Watchdog — Cron Health Monitor
Monitors all cron jobs for failures and auto-fixes them. Posts to Slack only when issues are found or unfixable errors exist.
CRITICAL: Slack Routing
When sending messages to Slack, you MUST specify channel: "slack" in every message tool call:
CODEBLOCK0
Without channel: "slack", messages will fail silently.
Schedule
Every 6 hours: 5, 11, 17, 23 CT
Steps
- 1.
cron(action: "list") — get all jobs and their current status - For each job, check:
lastStatus error? consecutiveErrors > 0? What was lastError? - For model not allowed errors: use
cron(action: "update", jobId: "...", patch: { payload: { model: "anthropic/claude-sonnet-4-6" } }), then force-run, log change - For timeout errors: use
cron(action: "update", jobId: "...", patch: { payload: { timeoutSeconds: <current + 60> } }) — NEVER edit cron JSON files directly - For other errors: analyze, attempt fix if possible, or flag as unresolved
- Post to Slack
C0AHYTV5WP7 (#morning-briefs) ONLY if issues were found/fixed or unfixable errors exist - If everything is healthy: no Slack message (silent pass)
CRITICAL: Never Edit cron/jobs.json Directly
Always use the cron tool with action="update" to modify job settings. Direct file edits break the cron system.
Slack Alert Format
CODEBLOCK1
Only send if at least one issue exists.
Watchdog — Cron健康监控器
监控所有cron作业的失败情况并自动修复。仅在发现问题或存在无法修复的错误时向Slack发送消息。
关键:Slack路由
向Slack发送消息时,必须在每次消息工具调用中指定channel: slack:
message(action: send, channel: slack, target: C0AHYTV5WP7, message: ...)

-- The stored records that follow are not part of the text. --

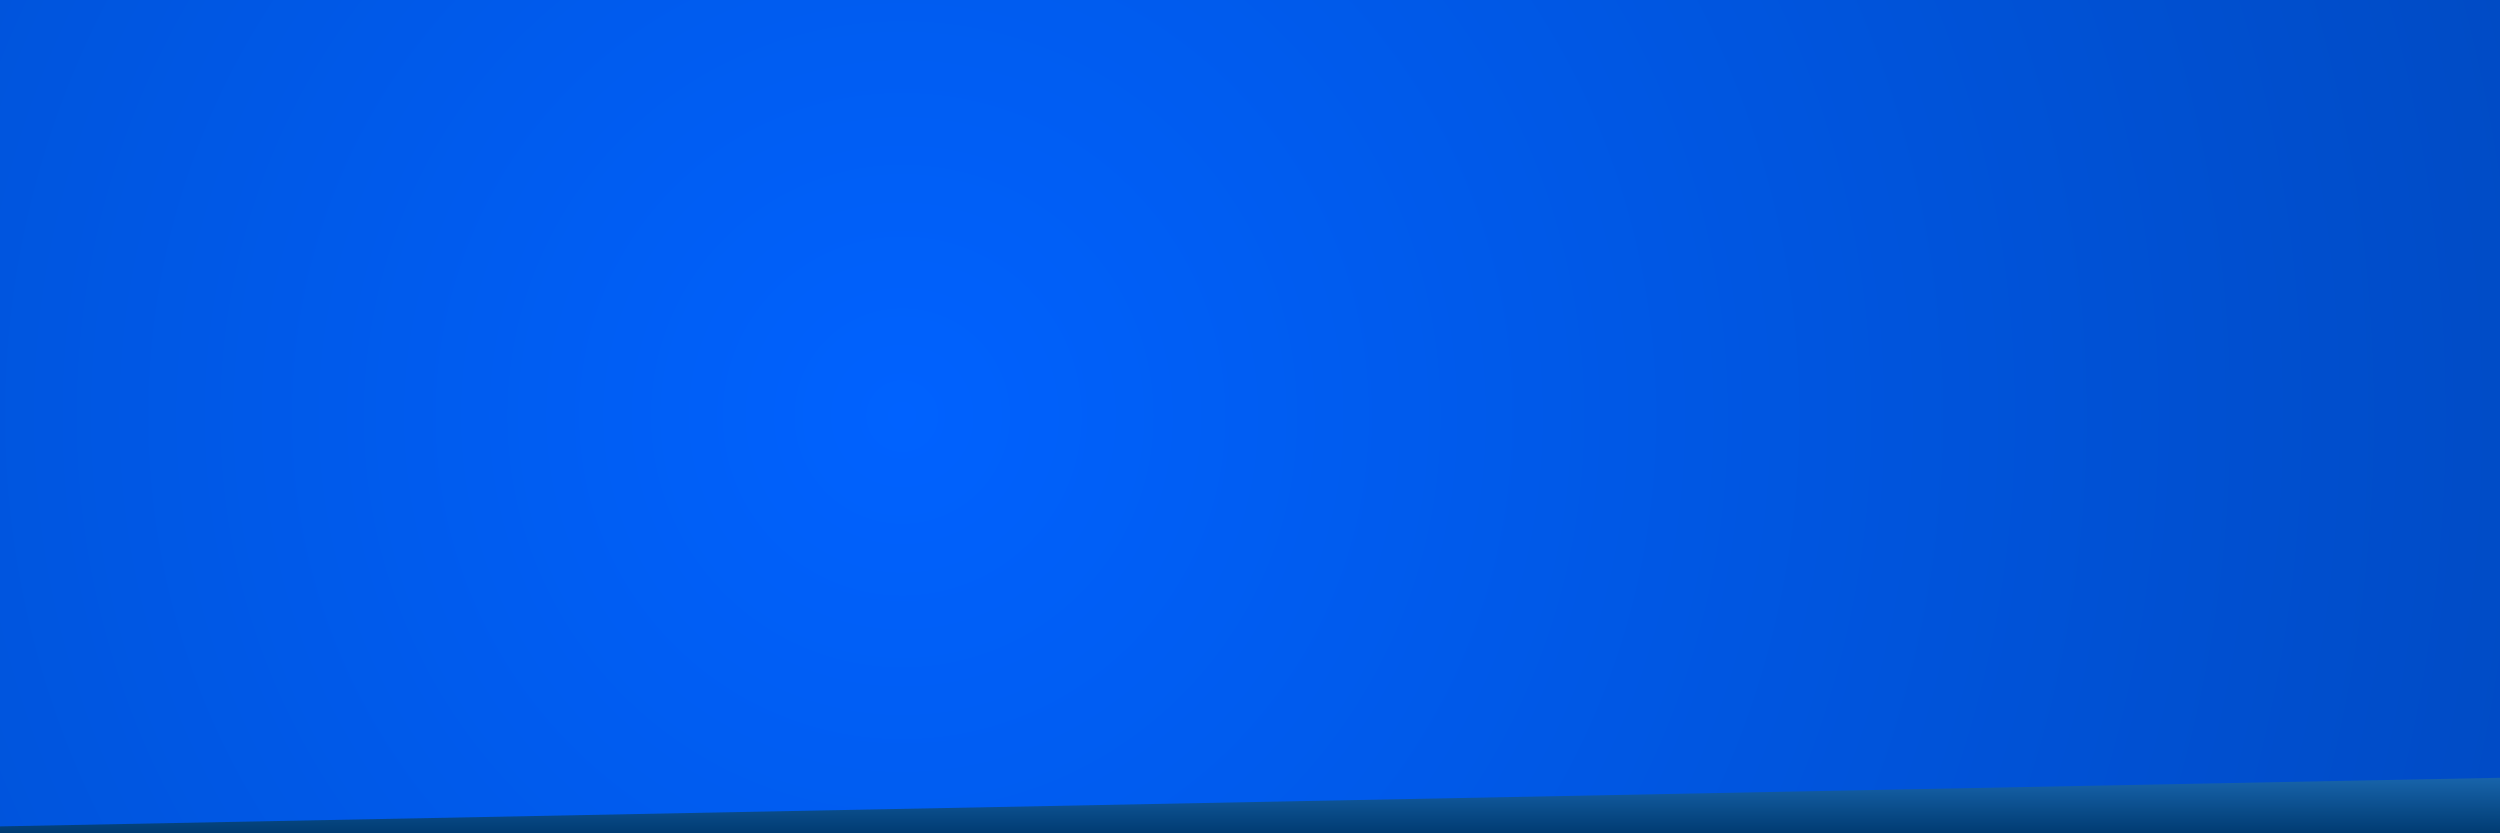 <?xml version="1.0" encoding="UTF-8"?>
<svg width="1800px" height="600px" viewBox="0 0 1800 600" version="1.1" xmlns="http://www.w3.org/2000/svg" xmlns:xlink="http://www.w3.org/1999/xlink">
    <title>Group 2</title>
    <defs>
        <radialGradient cx="36.144%" cy="50%" fx="36.144%" fy="50%" r="197.986%" gradientTransform="translate(0.361, 0.5), scale(0.333, 1), rotate(14.628), translate(-0.361, -0.5)" id="radialGradient-1">
            <stop stop-color="#0062FF" offset="0%"></stop>
            <stop stop-color="#004BC5" offset="100%"></stop>
        </radialGradient>
        <linearGradient x1="50%" y1="0%" x2="50%" y2="100%" id="linearGradient-2">
            <stop stop-color="#1864AB" offset="0%"></stop>
            <stop stop-color="#003B72" offset="100%"></stop>
        </linearGradient>
    </defs>
    <g id="Border" stroke="none" stroke-width="1" fill="none" fill-rule="evenodd">
        <g id="Group-2">
            <polygon id="Rectangle" fill="url(#radialGradient-1)" points="0 0 1800 0 1800 600 0 600"></polygon>
            <polygon id="Path-2" fill="url(#linearGradient-2)" points="9.75781955e-17 600 -3.78603399e-14 595 1800 560 1800 600"></polygon>
        </g>
    </g>
</svg>

未指定channel: slack时,消息将静默失败。
调度
每6小时一次:CT时间5点、11点、17点、23点
步骤
- 1. cron(action: list) — 获取所有作业及其当前状态
- 对每个作业,检查:lastStatus是否有错误?consecutiveErrors > 0?lastError是什么?
- 对于模型不允许错误:使用cron(action: update, jobId: ..., patch: { payload: { model: anthropic/claude-sonnet-4-6 } }),然后强制运行,记录变更
- 对于超时错误:使用cron(action: update, jobId: ..., patch: { payload: { timeoutSeconds: <当前值 + 60> } }) — 切勿直接编辑cron JSON文件
- 对于其他错误:分析,尽可能尝试修复,或标记为未解决
- 仅当发现/修复了问题或存在无法修复的错误时,才向Slack C0AHYTV5WP7 (#morning-briefs) 发送消息
- 如果一切正常:不发送Slack消息(静默通过)
关键:切勿直接编辑cron/jobs.json
始终使用action=update的cron工具来修改作业设置。直接编辑文件会破坏cron系统。
Slack告警格式
🐺 Watchdog报告 — <时间戳>
✅ 已修复:<作业名称> — <修复内容>
❌ 无法修复:<作业名称> — <错误摘要>
⚠️ 已标记:<作业名称> — <问题描述>
仅当至少存在一个问题时才发送。